Words: Bruce Maxwell
Photos: Rolex / Carlo Borlenghi & Andrea Francolini

 

Rolex Sydney Hobart, Andoo Comanche, line honours, Geoff Hill, Santa Cruz 72 Antipodes

Hamilton Island Wild Oats leads the 100ft maxis out of Sydney Heads

 

The original Comanche, a 100-foot wide-beam flier created by leading French designers VPLP-Verdier and built at Hodgdon Yachts in America, made her debut at the event in 2014, owned by US billionaire Jim Clark and his Australian wife Kristy. The couple had several other cruising and racing super sailboats.

 

Wild Oats X1 pipped them for line honours that year, but they bounced back with a win in 2015. Bought by Jim Cooney and Samantha Grant just before the 2017 Rolex Sydney-Hobart, she romped home as LDV Comanche in 1 day 9 hours 15 minutes for the 628 nm course, setting the existing race record. 

Transpac and Fastnet successes did not deflect her focus from the Rolex Sydney Hobart, taking line honours again in late 2019, but then Covid lockdowns caused regatta upheavals worldwide. 

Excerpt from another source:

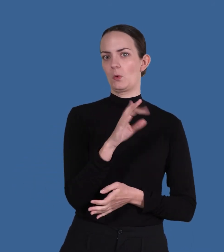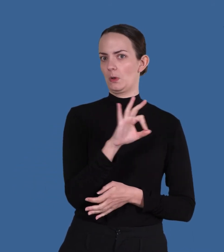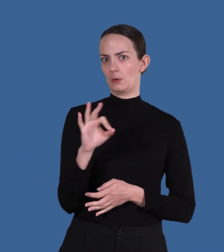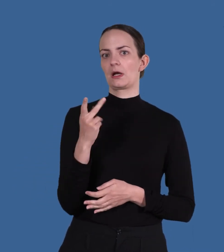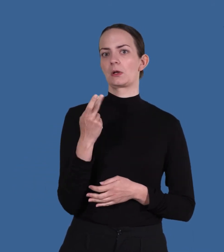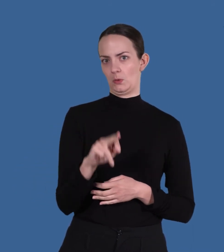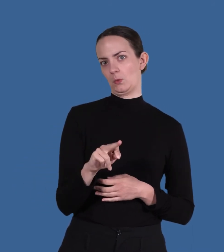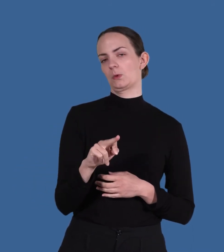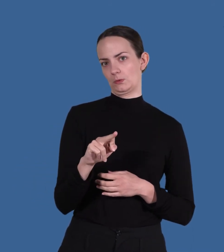avgift
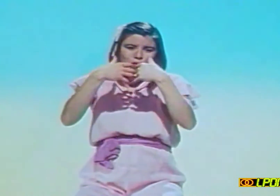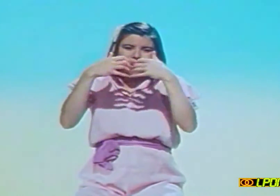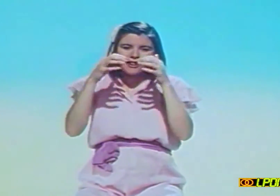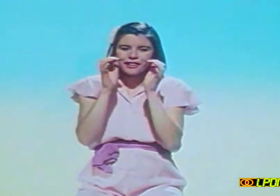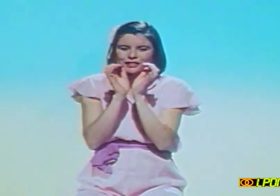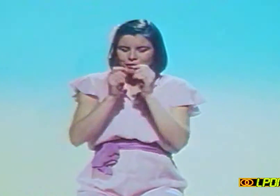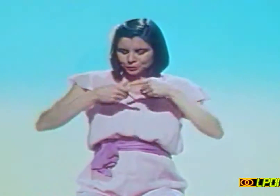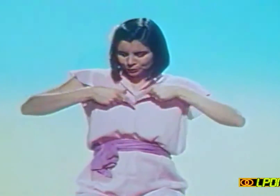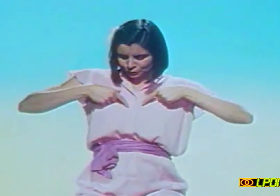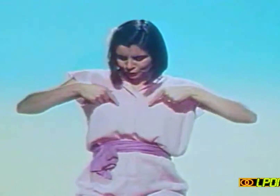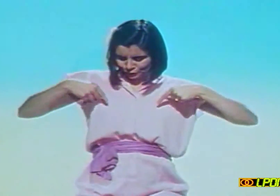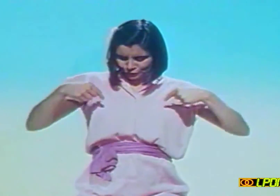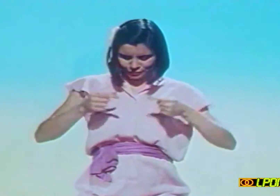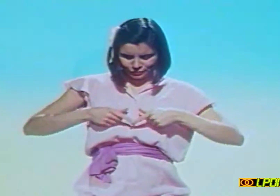avec de jolies rayures noires.

Not until 2022 did she re-emerge under a new Singapore owner, who does not wish to be identified, and a two-year charter was taken out by third generation Sydney sailor John “Herman” Winning Jr.

 

Rolex Sydney Hobart, Andoo Comanche, line honours, Geoff Hill, Santa Cruz 72 Antipodes

Plenty of 60-80 footers were on the maxis’ transoms

 

In 2021 a Covid-reduced fleet had seen Peter Harburg’s Monaco Yacht Club-registered Black Jack defeat Christian Beck’s LawConnect and Lee Seng Huang’s SHK Scallywag in the line honours battle of the 100ft maxi yachts. Lee is best known in Asia for his Sun Hung Kai roles, and in Australia as CEO of Malaysia’s Mulpha, which owns Sanctuary Cove and Hayman Island. 

Back in business in 2022, Andoo Comanche, named this time for the charterer’s Andoo-branded furniture and appliances stores, was once more up against Black Jack, LawConnect and legendary nine times line honours winner Wild Oats X1, re-named Hamilton Island Wild Oats.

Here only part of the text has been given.